(Stored records)
_ _ _ _
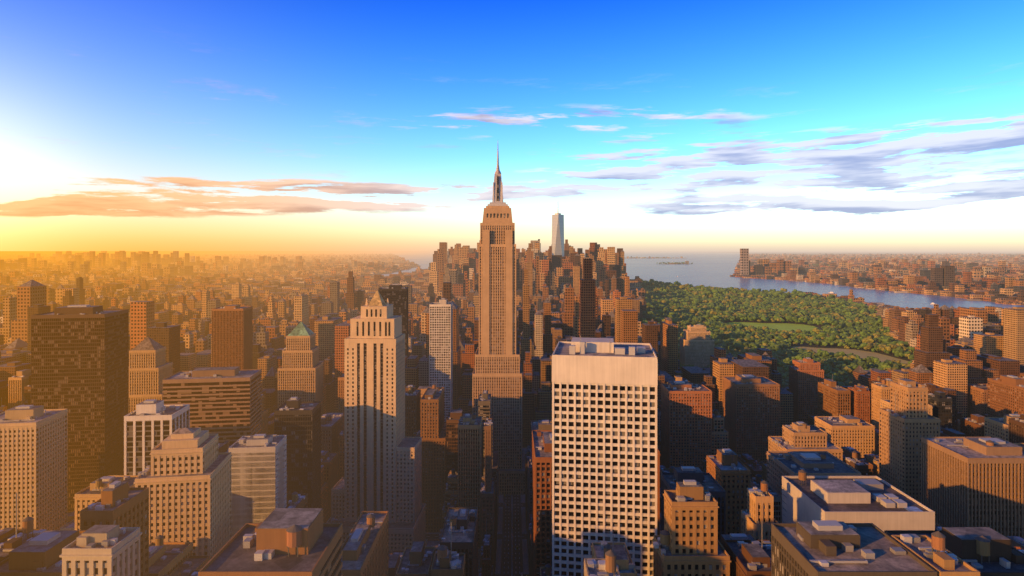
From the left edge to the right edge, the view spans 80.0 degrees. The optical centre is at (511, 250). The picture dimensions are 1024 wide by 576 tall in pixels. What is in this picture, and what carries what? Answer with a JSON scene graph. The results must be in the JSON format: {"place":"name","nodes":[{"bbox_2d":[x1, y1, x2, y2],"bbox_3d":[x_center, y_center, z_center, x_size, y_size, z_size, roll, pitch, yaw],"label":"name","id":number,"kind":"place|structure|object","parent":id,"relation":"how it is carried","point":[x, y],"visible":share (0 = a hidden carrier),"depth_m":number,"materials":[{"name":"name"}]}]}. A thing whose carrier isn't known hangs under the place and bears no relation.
{"place":"outdoors","nodes":[
{"label":"outdoors","id":0,"kind":"place"},
{"bbox_2d":[0,284,1023,575],"bbox_3d":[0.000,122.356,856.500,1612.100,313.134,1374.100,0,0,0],"label":"building roofs","id":1,"kind":"structure","parent":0,"point":[234,556],"depth_m":306.89,"materials":[{"name":"grey concrete"}]},
{"bbox_2d":[0,251,1023,575],"bbox_3d":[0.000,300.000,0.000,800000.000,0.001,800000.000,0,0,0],"label":"ground","id":2,"kind":"structure","parent":0,"point":[512,537],"depth_m":64613.63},
{"bbox_2d":[0,239,1023,446],"bbox_3d":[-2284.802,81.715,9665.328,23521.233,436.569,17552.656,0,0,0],"label":"city","id":3,"kind":"object","parent":2,"relation":"on","point":[594,291],"visible":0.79,"depth_m":1880.60},
{"bbox_2d":[0,148,1023,575],"bbox_3d":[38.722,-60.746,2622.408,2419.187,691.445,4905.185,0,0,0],"label":"rooftop structures","id":4,"kind":"object","parent":3,"relation":"on","point":[884,500],"visible":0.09,"depth_m":310.33,"materials":[{"name":"metal"}]},
{"bbox_2d":[22,376,1019,575],"bbox_3d":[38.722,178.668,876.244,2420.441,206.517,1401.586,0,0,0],"label":"rooftop water tanks","id":5,"kind":"object","parent":3,"relation":"on","point":[294,536],"visible":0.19,"depth_m":256.50,"materials":[{"name":"brown wood"}]},
{"bbox_2d":[0,176,1023,575],"bbox_3d":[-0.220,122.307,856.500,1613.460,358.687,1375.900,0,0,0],"label":"buildings","id":6,"kind":"structure","parent":2,"relation":"on","point":[244,490],"depth_m":462.07,"materials":[{"name":"beige stone"}]},
{"bbox_2d":[0,253,1023,269],"bbox_3d":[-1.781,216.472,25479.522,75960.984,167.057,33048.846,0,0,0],"label":"city","id":7,"kind":"object","parent":2,"relation":"on","point":[392,261],"visible":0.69,"depth_m":16361.45},
{"bbox_2d":[552,214,563,256],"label":"skyscraper","id":8,"kind":"structure","parent":2,"relation":"on","point":[557,234],"depth_m":5009.61,"materials":[{"name":"white glass"}]},
{"bbox_2d":[426,302,1010,573],"bbox_3d":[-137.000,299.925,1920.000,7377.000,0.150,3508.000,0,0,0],"label":"pavement kerbs","id":9,"kind":"structure","parent":2,"relation":"on","point":[499,547],"depth_m":633.41,"materials":[{"name":"concrete"}]},
{"bbox_2d":[632,257,829,265],"bbox_3d":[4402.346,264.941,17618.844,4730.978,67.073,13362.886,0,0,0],"label":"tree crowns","id":10,"kind":"object","parent":2,"relation":"on","point":[692,263],"visible":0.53,"depth_m":13583.19,"materials":[{"name":"green plant"}]},
{"bbox_3d":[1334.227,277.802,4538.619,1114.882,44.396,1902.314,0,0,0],"label":"park tree trunks","id":11,"kind":"object","parent":2,"relation":"on","visible":0},
{"bbox_2d":[640,278,828,298],"bbox_3d":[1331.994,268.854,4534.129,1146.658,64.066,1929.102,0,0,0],"label":"trees","id":12,"kind":"object","parent":11,"relation":"on","point":[654,288],"visible":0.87,"depth_m":3894.25,"materials":[{"name":"green plant"}]},
{"bbox_2d":[0,0,1023,250],"label":"sky","id":13,"kind":"structure","parent":0,"point":[126,125],"materials":[{"name":"blue"}]},
{"bbox_2d":[290,251,1023,307],"bbox_3d":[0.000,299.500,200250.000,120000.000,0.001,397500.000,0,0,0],"label":"water harbour and rivers","id":14,"kind":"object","parent":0,"point":[705,269],"visible":0.28,"depth_m":6565.45,"materials":[{"name":"blue"}]},
{"bbox_2d":[791,280,982,304],"bbox_3d":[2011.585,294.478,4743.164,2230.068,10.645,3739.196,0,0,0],"label":"waterfront piers","id":15,"kind":"structure","parent":14,"relation":"in","point":[880,303],"depth_m":4322.16,"materials":[{"name":"grey concrete"}]},
{"bbox_2d":[729,322,822,332],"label":"lawn","id":16,"kind":"structure","parent":0,"point":[788,327],"depth_m":2441.09,"materials":[{"name":"green plant"}]},
{"bbox_2d":[657,319,909,367],"bbox_3d":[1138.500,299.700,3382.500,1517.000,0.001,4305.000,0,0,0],"label":"park ground","id":17,"kind":"structure","parent":0,"point":[819,326],"depth_m":1928.20,"materials":[{"name":"green plant"}]},
{"bbox_3d":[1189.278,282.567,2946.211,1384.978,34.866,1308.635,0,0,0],"label":"park tree trunks","id":18,"kind":"object","parent":17,"relation":"on","visible":0},
{"bbox_2d":[640,294,882,326],"bbox_3d":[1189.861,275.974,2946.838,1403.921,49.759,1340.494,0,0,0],"label":"trees","id":19,"kind":"object","parent":18,"relation":"on","point":[720,311],"visible":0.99,"depth_m":2780.91,"materials":[{"name":"green plant"}]},
{"bbox_3d":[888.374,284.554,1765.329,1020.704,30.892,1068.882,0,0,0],"label":"park tree trunks","id":20,"kind":"object","parent":17,"relation":"on","visible":0},
{"bbox_2d":[678,323,914,387],"bbox_3d":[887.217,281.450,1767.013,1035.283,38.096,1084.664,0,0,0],"label":"trees","id":21,"kind":"object","parent":20,"relation":"on","point":[733,340],"visible":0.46,"depth_m":1813.86,"materials":[{"name":"green plant"}]},
{"bbox_2d":[792,346,907,363],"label":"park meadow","id":22,"kind":"structure","parent":0,"point":[865,354],"depth_m":1793.86,"materials":[{"name":"green plant"}]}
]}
_ _ _ _
Exercise objective → Your output should be the full set of entries above, restated word for word and free of pictures.

Task solution →
From the left edge to the right edge, the view spans 80.0 degrees. The optical centre is at (511, 250). The picture dimensions are 1024 wide by 576 tall in pixels. What is in this picture, and what carries what? Answer with a JSON scene graph. The results must be in the JSON format: {"place":"name","nodes":[{"bbox_2d":[x1, y1, x2, y2],"bbox_3d":[x_center, y_center, z_center, x_size, y_size, z_size, roll, pitch, yaw],"label":"name","id":number,"kind":"place|structure|object","parent":id,"relation":"how it is carried","point":[x, y],"visible":share (0 = a hidden carrier),"depth_m":number,"materials":[{"name":"name"}]}]}. A thing whose carrier isn't known hangs under the place and bears no relation.
{"place":"outdoors","nodes":[
{"label":"outdoors","id":0,"kind":"place"},
{"bbox_2d":[0,284,1023,575],"bbox_3d":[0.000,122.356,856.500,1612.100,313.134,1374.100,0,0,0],"label":"building roofs","id":1,"kind":"structure","parent":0,"point":[234,556],"depth_m":306.89,"materials":[{"name":"grey concrete"}]},
{"bbox_2d":[0,251,1023,575],"bbox_3d":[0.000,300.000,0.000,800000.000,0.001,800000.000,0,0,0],"label":"ground","id":2,"kind":"structure","parent":0,"point":[512,537],"depth_m":64613.63},
{"bbox_2d":[0,239,1023,446],"bbox_3d":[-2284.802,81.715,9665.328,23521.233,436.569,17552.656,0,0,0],"label":"city","id":3,"kind":"object","parent":2,"relation":"on","point":[594,291],"visible":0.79,"depth_m":1880.60},
{"bbox_2d":[0,148,1023,575],"bbox_3d":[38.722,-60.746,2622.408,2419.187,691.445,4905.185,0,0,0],"label":"rooftop structures","id":4,"kind":"object","parent":3,"relation":"on","point":[884,500],"visible":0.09,"depth_m":310.33,"materials":[{"name":"metal"}]},
{"bbox_2d":[22,376,1019,575],"bbox_3d":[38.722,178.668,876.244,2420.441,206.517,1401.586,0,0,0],"label":"rooftop water tanks","id":5,"kind":"object","parent":3,"relation":"on","point":[294,536],"visible":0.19,"depth_m":256.50,"materials":[{"name":"brown wood"}]},
{"bbox_2d":[0,176,1023,575],"bbox_3d":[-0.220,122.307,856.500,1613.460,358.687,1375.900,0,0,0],"label":"buildings","id":6,"kind":"structure","parent":2,"relation":"on","point":[244,490],"depth_m":462.07,"materials":[{"name":"beige stone"}]},
{"bbox_2d":[0,253,1023,269],"bbox_3d":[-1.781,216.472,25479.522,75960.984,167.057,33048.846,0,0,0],"label":"city","id":7,"kind":"object","parent":2,"relation":"on","point":[392,261],"visible":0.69,"depth_m":16361.45},
{"bbox_2d":[552,214,563,256],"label":"skyscraper","id":8,"kind":"structure","parent":2,"relation":"on","point":[557,234],"depth_m":5009.61,"materials":[{"name":"white glass"}]},
{"bbox_2d":[426,302,1010,573],"bbox_3d":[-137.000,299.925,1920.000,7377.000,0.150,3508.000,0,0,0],"label":"pavement kerbs","id":9,"kind":"structure","parent":2,"relation":"on","point":[499,547],"depth_m":633.41,"materials":[{"name":"concrete"}]},
{"bbox_2d":[632,257,829,265],"bbox_3d":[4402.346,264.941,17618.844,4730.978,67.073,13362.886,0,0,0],"label":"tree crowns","id":10,"kind":"object","parent":2,"relation":"on","point":[692,263],"visible":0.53,"depth_m":13583.19,"materials":[{"name":"green plant"}]},
{"bbox_3d":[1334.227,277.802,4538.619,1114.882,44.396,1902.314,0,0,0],"label":"park tree trunks","id":11,"kind":"object","parent":2,"relation":"on","visible":0},
{"bbox_2d":[640,278,828,298],"bbox_3d":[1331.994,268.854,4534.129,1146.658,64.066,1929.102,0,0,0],"label":"trees","id":12,"kind":"object","parent":11,"relation":"on","point":[654,288],"visible":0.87,"depth_m":3894.25,"materials":[{"name":"green plant"}]},
{"bbox_2d":[0,0,1023,250],"label":"sky","id":13,"kind":"structure","parent":0,"point":[126,125],"materials":[{"name":"blue"}]},
{"bbox_2d":[290,251,1023,307],"bbox_3d":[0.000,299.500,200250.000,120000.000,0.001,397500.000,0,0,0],"label":"water harbour and rivers","id":14,"kind":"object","parent":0,"point":[705,269],"visible":0.28,"depth_m":6565.45,"materials":[{"name":"blue"}]},
{"bbox_2d":[791,280,982,304],"bbox_3d":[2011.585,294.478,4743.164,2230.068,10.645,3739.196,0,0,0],"label":"waterfront piers","id":15,"kind":"structure","parent":14,"relation":"in","point":[880,303],"depth_m":4322.16,"materials":[{"name":"grey concrete"}]},
{"bbox_2d":[729,322,822,332],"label":"lawn","id":16,"kind":"structure","parent":0,"point":[788,327],"depth_m":2441.09,"materials":[{"name":"green plant"}]},
{"bbox_2d":[657,319,909,367],"bbox_3d":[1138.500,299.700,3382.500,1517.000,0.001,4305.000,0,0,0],"label":"park ground","id":17,"kind":"structure","parent":0,"point":[819,326],"depth_m":1928.20,"materials":[{"name":"green plant"}]},
{"bbox_3d":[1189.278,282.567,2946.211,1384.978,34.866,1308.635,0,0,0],"label":"park tree trunks","id":18,"kind":"object","parent":17,"relation":"on","visible":0},
{"bbox_2d":[640,294,882,326],"bbox_3d":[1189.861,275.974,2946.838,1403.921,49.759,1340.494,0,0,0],"label":"trees","id":19,"kind":"object","parent":18,"relation":"on","point":[720,311],"visible":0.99,"depth_m":2780.91,"materials":[{"name":"green plant"}]},
{"bbox_3d":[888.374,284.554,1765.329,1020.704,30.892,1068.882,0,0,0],"label":"park tree trunks","id":20,"kind":"object","parent":17,"relation":"on","visible":0},
{"bbox_2d":[678,323,914,387],"bbox_3d":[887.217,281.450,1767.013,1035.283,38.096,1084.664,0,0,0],"label":"trees","id":21,"kind":"object","parent":20,"relation":"on","point":[733,340],"visible":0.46,"depth_m":1813.86,"materials":[{"name":"green plant"}]},
{"bbox_2d":[792,346,907,363],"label":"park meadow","id":22,"kind":"structure","parent":0,"point":[865,354],"depth_m":1793.86,"materials":[{"name":"green plant"}]}
]}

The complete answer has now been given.